Another controversy over a historic property in south Minneapolis will come before the City Council’s Zoning and Planning Committee on Thursday.
Early last year, NuWay purchased the historic Pillsbury-Snyder mansion at 2118 Blaisdell Avenue. The organization wants to convert the mansion into 22 transitional housing units that could accommodate 47 patients recovering from addictions.
But because Whittier’s concentration of housing for those patients already far exceeds the maximum allowed by City Code, NuWay needs special approval to proceed with its plan. The organization has already won that approval from the city’s Zoning Administrator, but opponents appealed that decision, and their appeal will be heard by the planning committee tomorrow.
NuWay’s conversion would involve a significant renovation of the mansion’s interior, but largely preserve the exterior. But opponents of the plan argue the mansion’s interior — featuring a double marble staircase, Honduran mahogany paneling, quarter-cut herringbone floors, and crystal chandeliers from Czechoslovakia — is of historical value in its own right.
Marian Biehn, executive director of the Whittier Alliance, says neighborhood officials are primarily concerned about the clustering of transitional housing.
“There is an overcrowding of this type of housing in one area,” Biehn says, adding that the NuWay facility would be the neighborhood’s 30th licensed transitional housing facility. “We would like to see something [at the property] that would offer more of a public use.”
Biehn says Pinecrest Doors operated out of the Pillsbury-Snyder mansion until shortly before NuWay purchased it in January 2014. As a nonprofit, NuWay wouldn’t pay property taxes, which project opponents estimate would cost the city about $75,000.
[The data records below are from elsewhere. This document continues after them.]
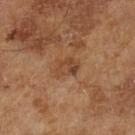follow-up: no biopsy performed (imaged during a skin exam)
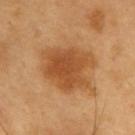follow-up: total-body-photography surveillance lesion; no biopsy
tile lighting: cross-polarized illumination
subject: male, aged approximately 60
anatomic site: the upper back
size: ~6 mm (longest diameter)
image: ~15 mm crop, total-body skin-cancer survey
image-analysis metrics: an outline eccentricity of about 0.5 (0 = round, 1 = elongated) and two-axis asymmetry of about 0.25; an average lesion color of about L≈50 a*≈24 b*≈40 (CIELAB), roughly 11 lightness units darker than nearby skin, and a normalized border contrast of about 8; a border-irregularity rating of about 3/10, a within-lesion color-variation index near 3.5/10, and radial color variation of about 1
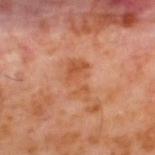Findings:
– notes · imaged on a skin check; not biopsied
– diameter · ~4 mm (longest diameter)
– site · the upper back
– tile lighting · cross-polarized illumination
– automated metrics · an area of roughly 7 mm², an outline eccentricity of about 0.85 (0 = round, 1 = elongated), and a shape-asymmetry score of about 0.5 (0 = symmetric); border irregularity of about 7 on a 0–10 scale, internal color variation of about 2 on a 0–10 scale, and a peripheral color-asymmetry measure near 0.5
– subject · male, aged 58–62
– imaging modality · total-body-photography crop, ~15 mm field of view
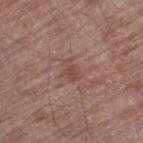| feature | finding |
|---|---|
| workup | no biopsy performed (imaged during a skin exam) |
| image source | ~15 mm crop, total-body skin-cancer survey |
| subject | male, approximately 70 years of age |
| location | the left thigh |
| diameter | about 2.5 mm |
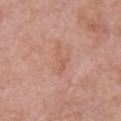– follow-up — imaged on a skin check; not biopsied
– anatomic site — the chest
– acquisition — total-body-photography crop, ~15 mm field of view
– subject — female, aged 58 to 62
– automated lesion analysis — a lesion area of about 3.5 mm², an outline eccentricity of about 0.95 (0 = round, 1 = elongated), and a shape-asymmetry score of about 0.45 (0 = symmetric); a mean CIELAB color near L≈58 a*≈23 b*≈30 and about 6 CIELAB-L* units darker than the surrounding skin; a border-irregularity index near 5.5/10 and radial color variation of about 0
– illumination — white-light
– size — ≈3.5 mm
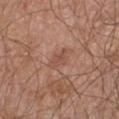Clinical impression: No biopsy was performed on this lesion — it was imaged during a full skin examination and was not determined to be concerning. Context: The patient is a male roughly 65 years of age. An algorithmic analysis of the crop reported an area of roughly 3.5 mm², an eccentricity of roughly 0.8, and two-axis asymmetry of about 0.35. It also reported a normalized lesion–skin contrast near 5.5. The lesion is on the chest. A 15 mm close-up tile from a total-body photography series done for melanoma screening. Measured at roughly 3 mm in maximum diameter. This is a white-light tile.
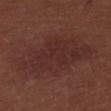{
  "biopsy_status": "not biopsied; imaged during a skin examination",
  "lesion_size": {
    "long_diameter_mm_approx": 10.5
  },
  "automated_metrics": {
    "area_mm2_approx": 40.0,
    "eccentricity": 0.85,
    "shape_asymmetry": 0.25
  },
  "lighting": "white-light",
  "site": "upper back",
  "image": {
    "source": "total-body photography crop",
    "field_of_view_mm": 15
  },
  "patient": {
    "sex": "male",
    "age_approx": 30
  }
}
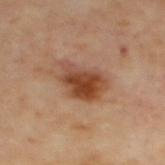Part of a total-body skin-imaging series; this lesion was reviewed on a skin check and was not flagged for biopsy. Captured under cross-polarized illumination. A 15 mm close-up tile from a total-body photography series done for melanoma screening. The lesion-visualizer software estimated roughly 13 lightness units darker than nearby skin and a lesion-to-skin contrast of about 9.5 (normalized; higher = more distinct). From the back.
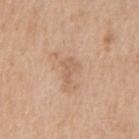Q: Was a biopsy performed?
A: total-body-photography surveillance lesion; no biopsy
Q: Lesion location?
A: the chest
Q: Lesion size?
A: about 3 mm
Q: What are the patient's age and sex?
A: male, aged 68 to 72
Q: Automated lesion metrics?
A: a footprint of about 4 mm², an eccentricity of roughly 0.85, and a shape-asymmetry score of about 0.45 (0 = symmetric); a mean CIELAB color near L≈61 a*≈18 b*≈32 and a lesion–skin lightness drop of about 7; a border-irregularity index near 5/10, a within-lesion color-variation index near 1/10, and radial color variation of about 0.5; an automated nevus-likeness rating near 0 out of 100 and a lesion-detection confidence of about 100/100
Q: How was this image acquired?
A: ~15 mm tile from a whole-body skin photo
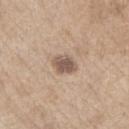tile lighting=white-light; anatomic site=the left upper arm; size=~3 mm (longest diameter); subject=male, roughly 70 years of age; imaging modality=~15 mm tile from a whole-body skin photo.

One of the project opponents we spoke with — Noah Rouen, president of the Rouen Group — expressed concern about drug dealers coming to Whitter in an attempt to prey on all the recovering addicts living there.
Asked if the neighborhood shares those concerns, Biehn says, “When we look at the crime stats, there’s a number of narcotics offenses… part of the speculation is that with a number of [transitional housing] facilities that help people in recovery, they’re also a vulnerable population, and people get targeted.”
Rouen, who lived in Whitter for seven years, says his home was actually broken into in the middle of the night by a recovering addict while he lived in the neighborhood.
The Mansion was built as a wedding gift for the only MN couple to survive the Titanic disaster, John and Nelle Pillsbury Snyder, who were returning from their European honeymoon aboard the doomed ocean liner. John Pillsbury Snyder was the grandson of John S. Pillsbury, Governor of Minnesota and co-founder of the Pillsbury Corporation. While in Italy, the Pillsbury-Snyder’s sourced marble for the mansion’s floors from the same quarry that supplied marble to the Vatican. According to its previous owner, Russ Underdahl Sr., who gave a tour of the restored mansion to the elderly Mrs. Pillsbury-Snyder in the 1980s, Mr. John Snyder Sr. told his future daughter-in-law that he wanted to build for her “the finest home in all of Minneapolis.”
Lisa Bender is the City Council member representing 2118 Blaisdell and also the chair of the planning committee. She didn’t respond to messages seeking comment, but city documents indicate officials who support NuWay’s project cite the 1988 Federal Fair Housing Act, which says disable people must be granted equal access to housing “if the required findings of disability, necessity, and reasonableness are met.”
But Rouen argues the act can actually be interpreted as prohibiting projects like NuWay’s proposed conversion of the Pillsbury-Snyder mansion.
“The city is saying they can’t deny NuWay because of the Fair Housing Act, and our attorneys are saying they must deny it because of the Fair Housing Act,” Rouen says. “The Fair Housing Act specifically says you can’t have a clustering of this sort of housing… it’s ‘the other side of the tracks.'”
:::: UPDATE :::: The NuWay redevelopment was green-lighted by the planning committee this morning.